* Requirement
Nothing in the listing below should be skipped, so transcribe it all exactly.
=== Section Start ===
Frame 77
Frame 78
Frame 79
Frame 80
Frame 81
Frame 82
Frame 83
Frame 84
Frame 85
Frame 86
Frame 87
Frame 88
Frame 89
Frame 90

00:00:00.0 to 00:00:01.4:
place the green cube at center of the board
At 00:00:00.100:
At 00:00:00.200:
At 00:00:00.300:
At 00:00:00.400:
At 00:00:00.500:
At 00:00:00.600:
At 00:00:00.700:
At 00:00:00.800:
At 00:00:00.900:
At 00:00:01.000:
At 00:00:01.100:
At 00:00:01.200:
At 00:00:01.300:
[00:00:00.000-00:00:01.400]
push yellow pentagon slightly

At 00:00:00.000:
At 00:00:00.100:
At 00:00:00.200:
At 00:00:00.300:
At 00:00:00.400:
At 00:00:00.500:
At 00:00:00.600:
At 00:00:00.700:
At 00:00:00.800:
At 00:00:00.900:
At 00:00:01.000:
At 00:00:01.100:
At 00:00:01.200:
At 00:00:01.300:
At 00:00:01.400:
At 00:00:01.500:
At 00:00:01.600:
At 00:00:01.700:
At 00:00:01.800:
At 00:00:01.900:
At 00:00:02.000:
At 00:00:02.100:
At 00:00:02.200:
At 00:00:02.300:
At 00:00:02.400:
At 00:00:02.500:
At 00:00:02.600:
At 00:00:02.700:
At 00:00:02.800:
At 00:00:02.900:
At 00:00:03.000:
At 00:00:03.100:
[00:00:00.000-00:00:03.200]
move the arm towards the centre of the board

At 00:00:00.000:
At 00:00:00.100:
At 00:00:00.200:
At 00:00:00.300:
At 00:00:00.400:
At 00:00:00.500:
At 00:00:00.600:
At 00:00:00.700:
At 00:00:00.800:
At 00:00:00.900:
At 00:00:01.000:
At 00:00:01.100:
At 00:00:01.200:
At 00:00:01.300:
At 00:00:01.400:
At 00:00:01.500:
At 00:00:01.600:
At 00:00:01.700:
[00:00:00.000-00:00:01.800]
=== Section End ===
* Task output
Frame 77
Frame 78
Frame 79
Frame 80
Frame 81
Frame 82
Frame 83
Frame 84
Frame 85
Frame 86
Frame 87
Frame 88
Frame 89
Frame 90

00:00:00.0 to 00:00:01.4:
place the green cube at center of the board
At 00:00:00.100:
At 00:00:00.200:
At 00:00:00.300:
At 00:00:00.400:
At 00:00:00.500:
At 00:00:00.600:
At 00:00:00.700:
At 00:00:00.800:
At 00:00:00.900:
At 00:00:01.000:
At 00:00:01.100:
At 00:00:01.200:
At 00:00:01.300:
[00:00:00.000-00:00:01.400]
push yellow pentagon slightly

At 00:00:00.000:
At 00:00:00.100:
At 00:00:00.200:
At 00:00:00.300:
At 00:00:00.400:
At 00:00:00.500:
At 00:00:00.600:
At 00:00:00.700:
At 00:00:00.800:
At 00:00:00.900:
At 00:00:01.000:
At 00:00:01.100:
At 00:00:01.200:
At 00:00:01.300:
At 00:00:01.400:
At 00:00:01.500:
At 00:00:01.600:
At 00:00:01.700:
At 00:00:01.800:
At 00:00:01.900:
At 00:00:02.000:
At 00:00:02.100:
At 00:00:02.200:
At 00:00:02.300:
At 00:00:02.400:
At 00:00:02.500:
At 00:00:02.600:
At 00:00:02.700:
At 00:00:02.800:
At 00:00:02.900:
At 00:00:03.000:
At 00:00:03.100:
[00:00:00.000-00:00:03.200]
move the arm towards the centre of the board

At 00:00:00.000:
At 00:00:00.100:
At 00:00:00.200:
At 00:00:00.300:
At 00:00:00.400:
At 00:00:00.500:
At 00:00:00.600:
At 00:00:00.700:
At 00:00:00.800:
At 00:00:00.900:
At 00:00:01.000:
At 00:00:01.100:
At 00:00:01.200:
At 00:00:01.300:
At 00:00:01.400:
At 00:00:01.500:
At 00:00:01.600:
At 00:00:01.700:
[00:00:00.000-00:00:01.800]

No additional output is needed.